We can check `docs` to see that we indeed got some google search results:

In [3]:
docs

[<elm.web.document.HTMLDocument at 0x7f8ce47f7b30>,
 <elm.web.document.HTMLDocument at 0x7f8ce4406a20>,
 <elm.web.document.HTMLDocument at 0x7f8ce41eb770>,
 <elm.web.document.HTMLDocument at 0x7f8ce416a540>]

The `__repr__` for the `Document` class isn't particularly helpful (except to tell us that all links were parsed as HTML).
Instead, we can look at the `attrs` dictionary of each document, which will show use the source for each document:

In [None]:
for d in docs:
    print(d.attrs)

{'source': 'https://en.wikipedia.org/?title=National_Renewable_Energy_Lab&redirect=no'}
{'source': 'https://www.energy.gov/person/dr-martin-keller#:~:text=Martin%20Keller-,Dr.,Alliance%20for%20Sustainable%20Energy%2C%20LLC.'}
{'source': 'https://www2.nrel.gov/about/leadership'}
{'source': 'https://www.linkedin.com/in/martin-keller-a09b016'}


Excellent, it looks like we definitely have some Wikipedia articles about NREL among the results.

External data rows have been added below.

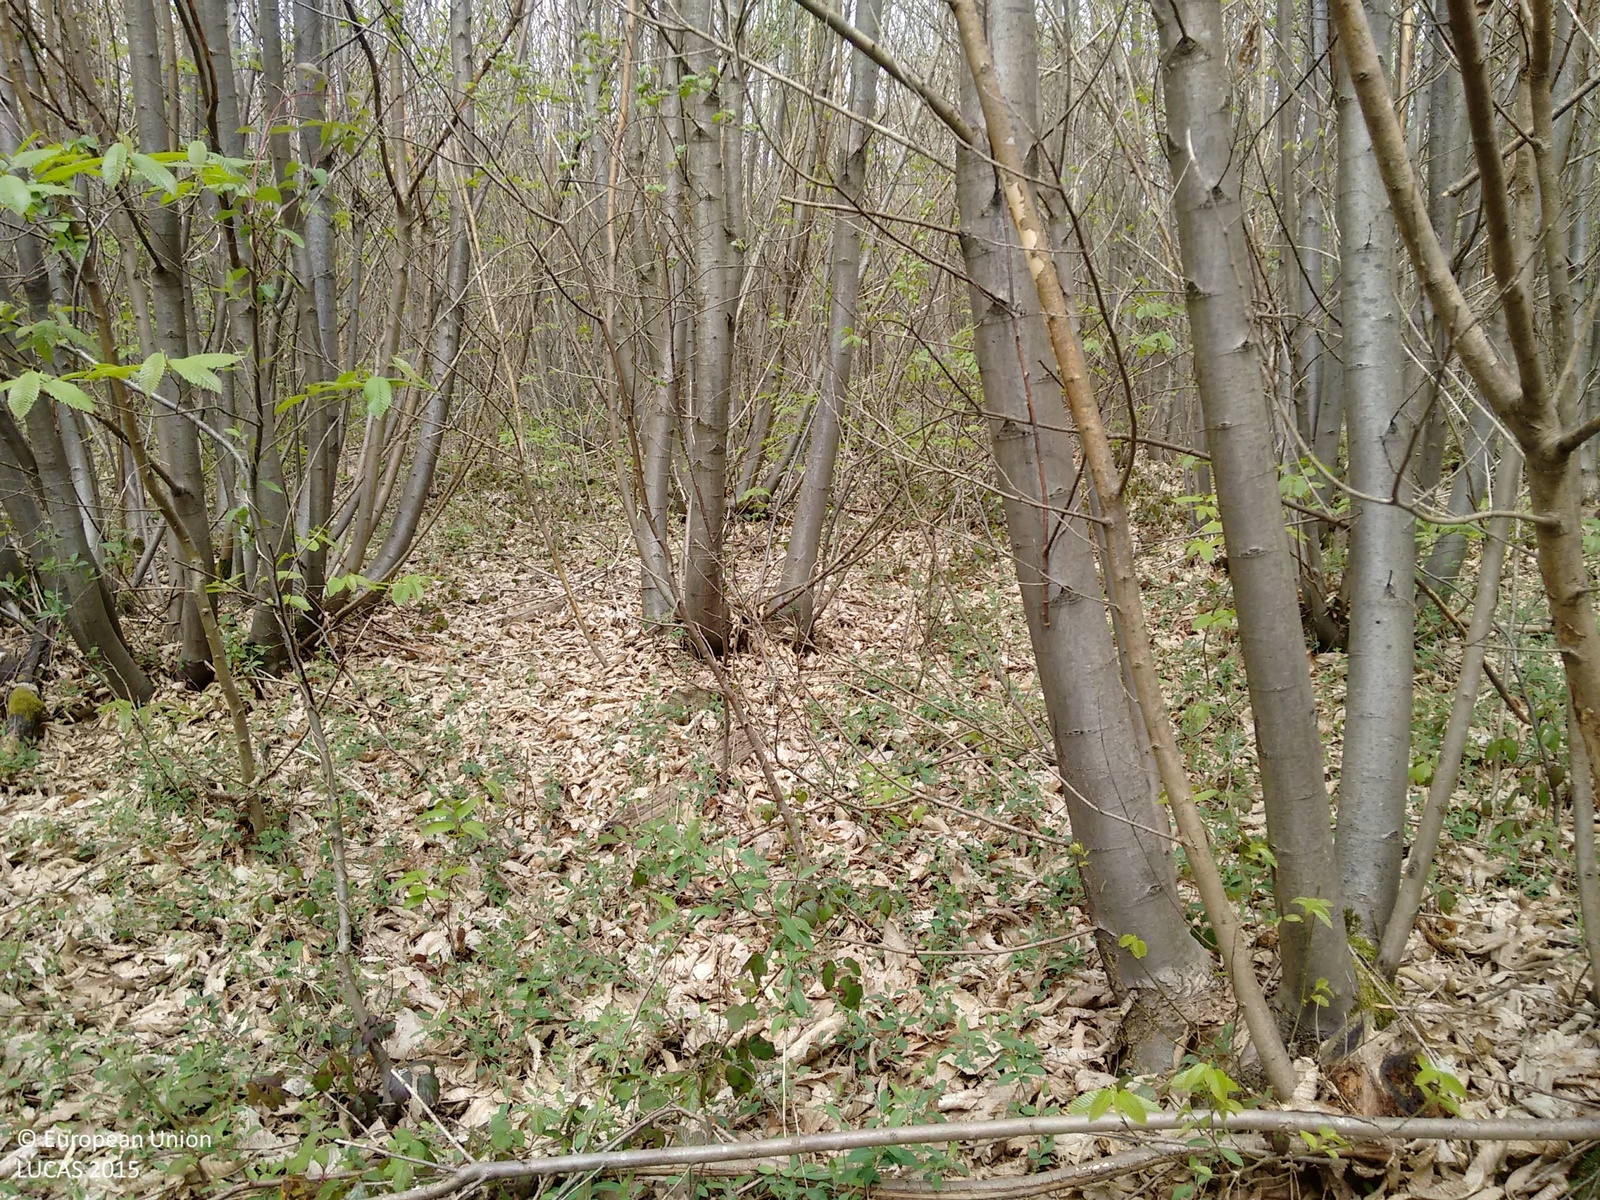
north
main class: Woodland
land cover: Broadleaved woodland
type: mesophytic deciduous forest
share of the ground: > 75 %
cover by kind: broadleaved forest trees 100 %
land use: Forestry
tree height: > 5 m
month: May
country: GB
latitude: 51.2272
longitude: 0.6224
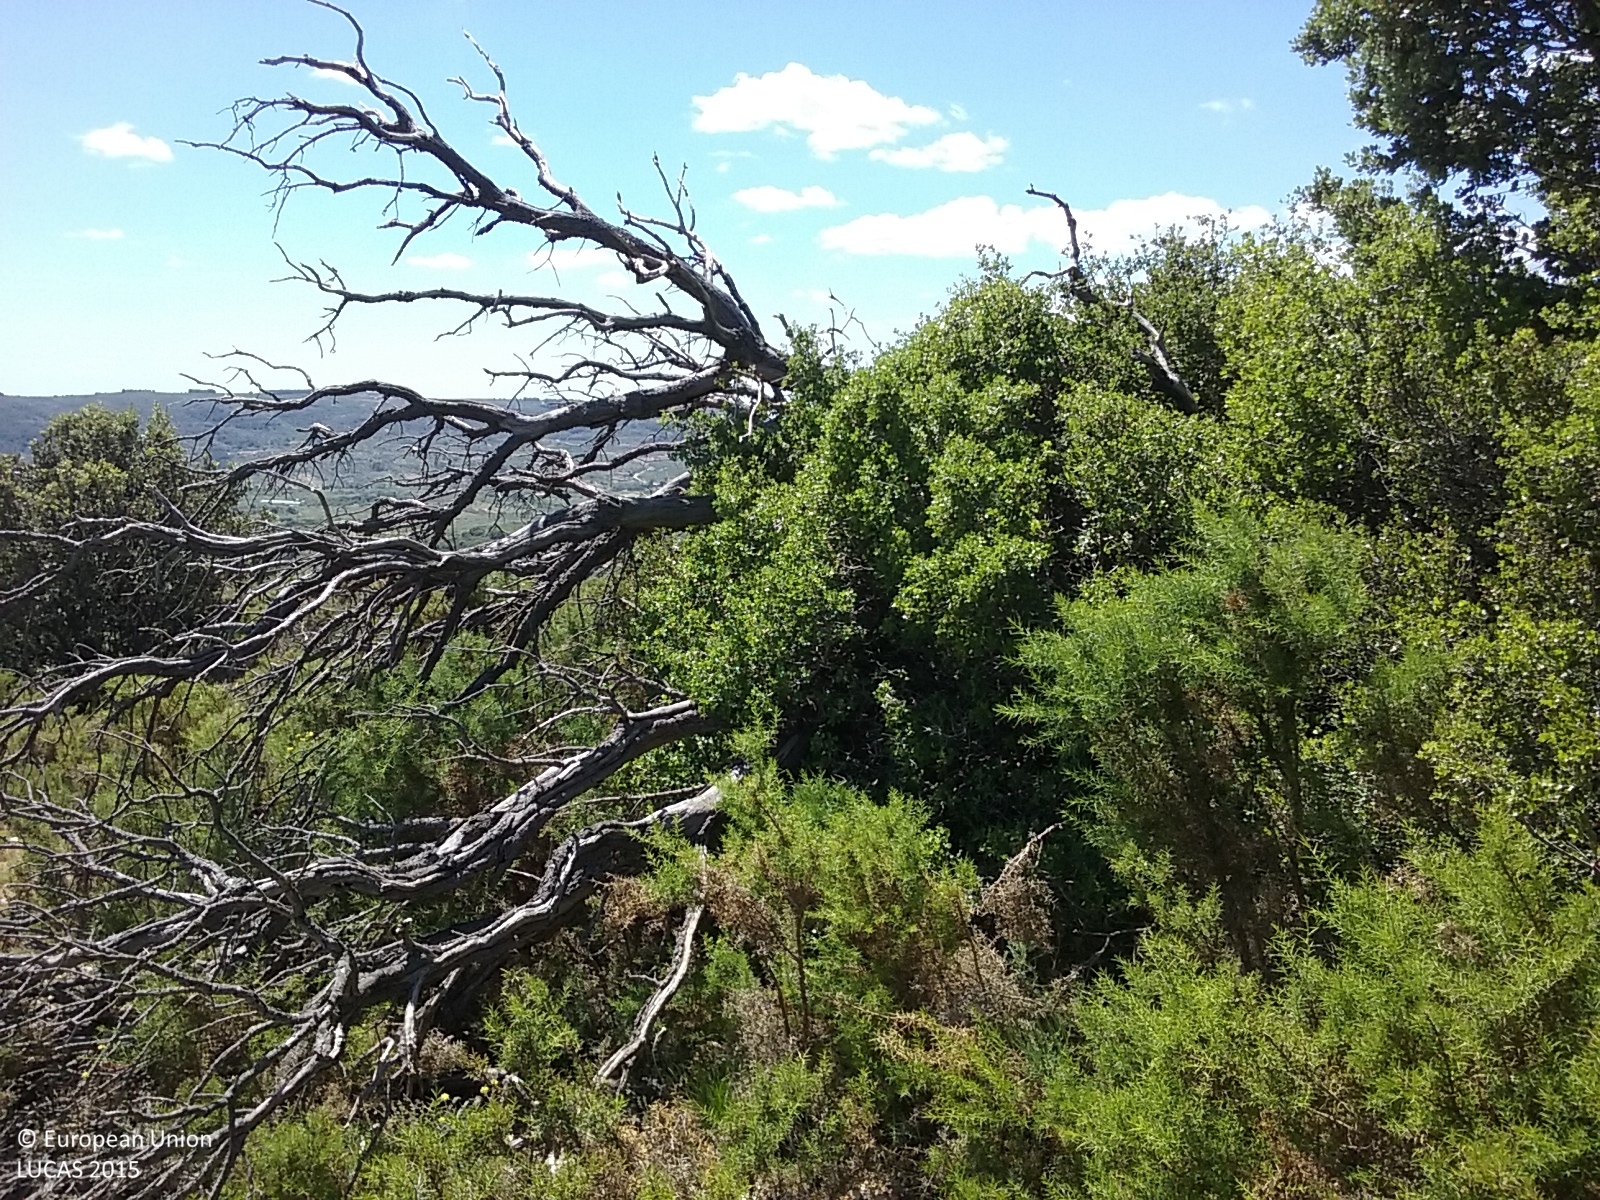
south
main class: Shrubland
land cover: Shrubland with sparse tree cover
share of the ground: > 75 %
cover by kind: shrubs 95 %, broadleaved forest trees 5 %
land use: Semi-natural and natural areas not in use
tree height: < 5 m
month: May
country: ES
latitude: 40.4553
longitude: 0.0781
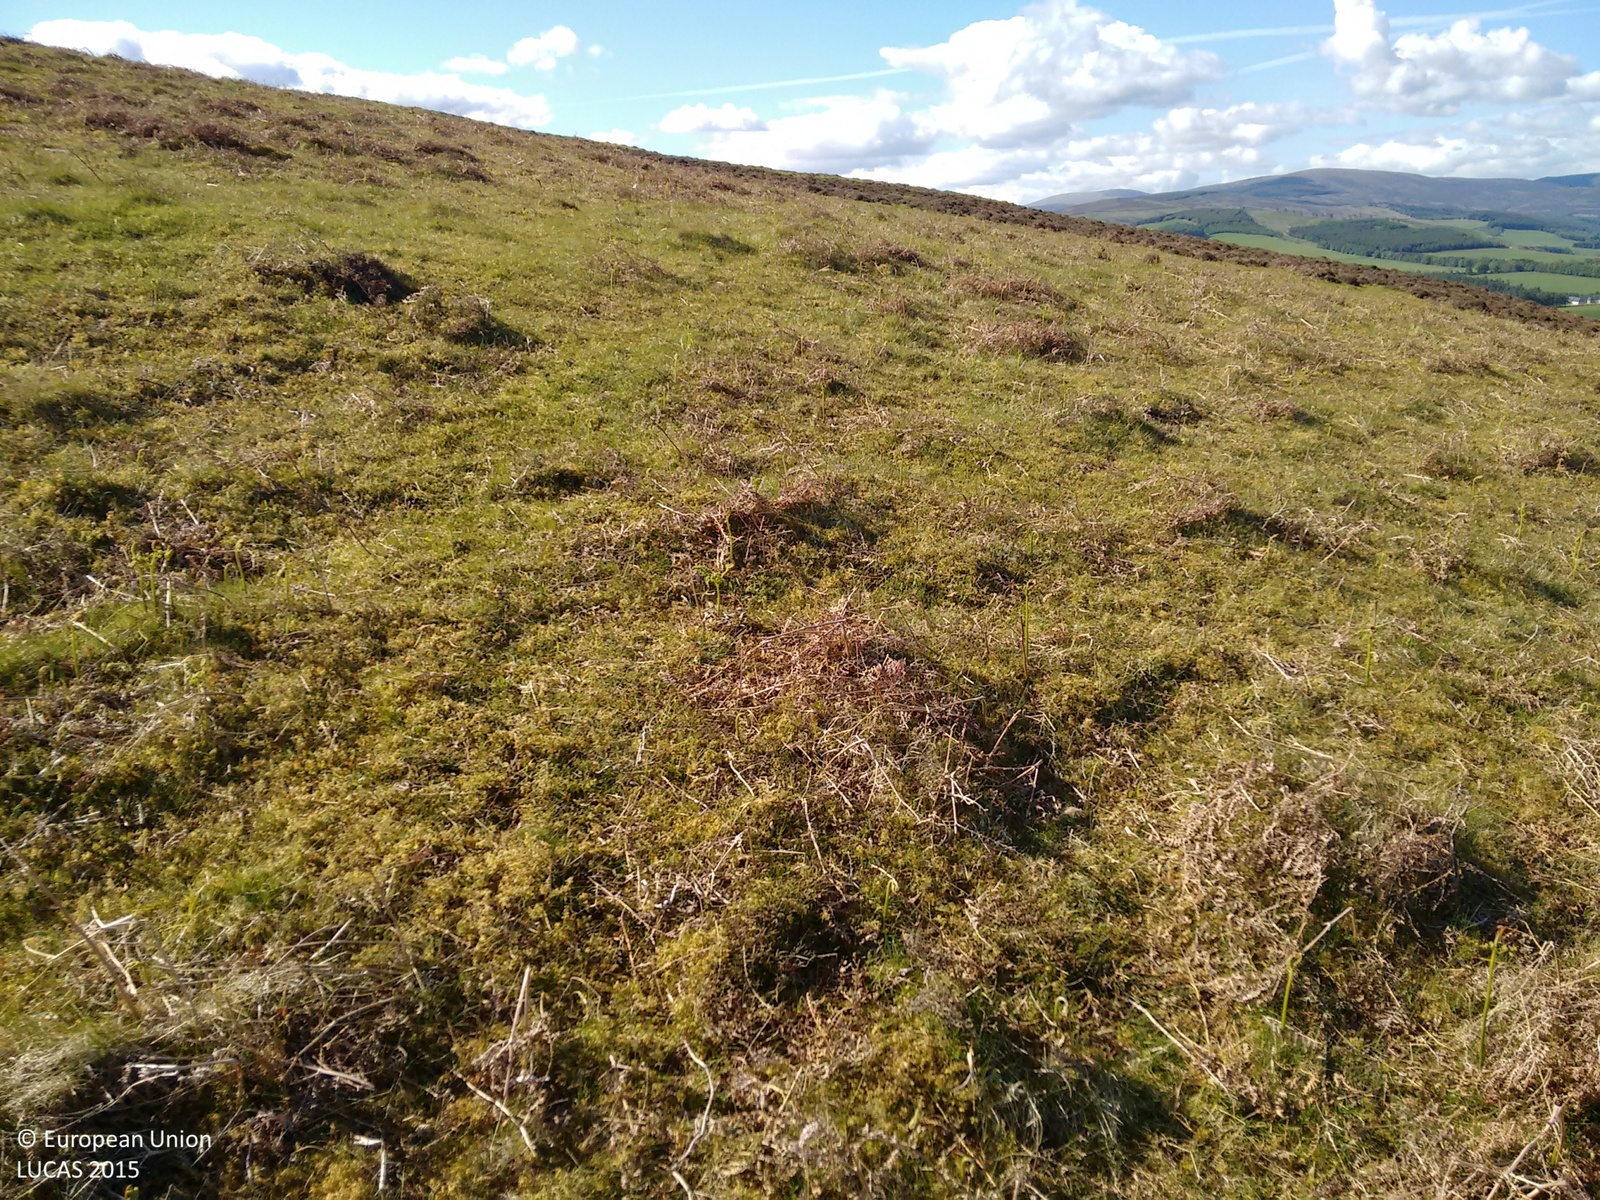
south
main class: Grassland
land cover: Grassland without tree/shrub cover
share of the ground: > 75 %
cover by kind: herbaceous plants 90 %, lichens and mosses 10 %
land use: Agriculture (excluding fallow land and kitchen gardens)
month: June
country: GB
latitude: 55.6607
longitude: -3.2511

However, we also have some documents from links in which we are not interested (e.g., we would like to ignore the official `nrel.gov` page for this exercise). This will generally be true for every analysis, since Google search results can vary broadly. What we need to do next, then, is filter the results down to only include the sources we are interested in.


## Filtering results

The next step is to define some criteria for the sources we are interested in. For our purposes, we would like to limit the results to only include Wikipedia articles. We can accomplish this quite simply - just check to see if "wikipedia" is in the source URL!

Let's implement this basic check in the form of an async function (i.e., a coroutine) that takes a document instance as input and returns a boolean that labels whether the document source is a Wikipedia article: 

In [6]:
async def url_is_wiki(doc):
    return "wikipedia" in doc.metadata.get("source", "")

Easy enough! In practice, this filtering logic can be as complex as you want it to be. It can even include calls to an LLM to parse the content of the document to determine if it contains the information you are interested it. Indeed, this is exactly what the ordinance parsing pipeline does. Check out the [`CountyValidator` implementation](https://nrel.github.io/elm/_modules/elm/ords/validation/location.html#CountyValidator) for an example.

For now, let's get back to applying our simple example. To use the coroutine we just defined, we pass it, along with an initial list of documents, to the appropriately named `filter_documents` function:

In [None]:
from elm.web.utilities import filter_documents

docs = await filter_documents(docs, url_is_wiki)
for d in docs:
    print(d.attrs)

{'source': 'https://en.wikipedia.org/wiki/National_Renewable_Energy_Laboratory'}


Much better!

As mentioned before, you can get as complex as necessary with the filtering step. You can even perform repeated (chained) calls to `filter_documents` to apply multiple levels of filtering to get down to exactly the kind of source you are interested in.

Once you have a curated set of documents, it's time to extract some values!

## Extracting relevant text
Unfortunately, just because we filtered down to the documents we are interested in does not usually mean we can dive right into extracting values. Often, the documents we are examining contain a **lot** of text, most of which is **not** relevant to the question at hand (e.g., ordinance documents can be hundreds of pages long, and often we are just interested in the information found in one small section). 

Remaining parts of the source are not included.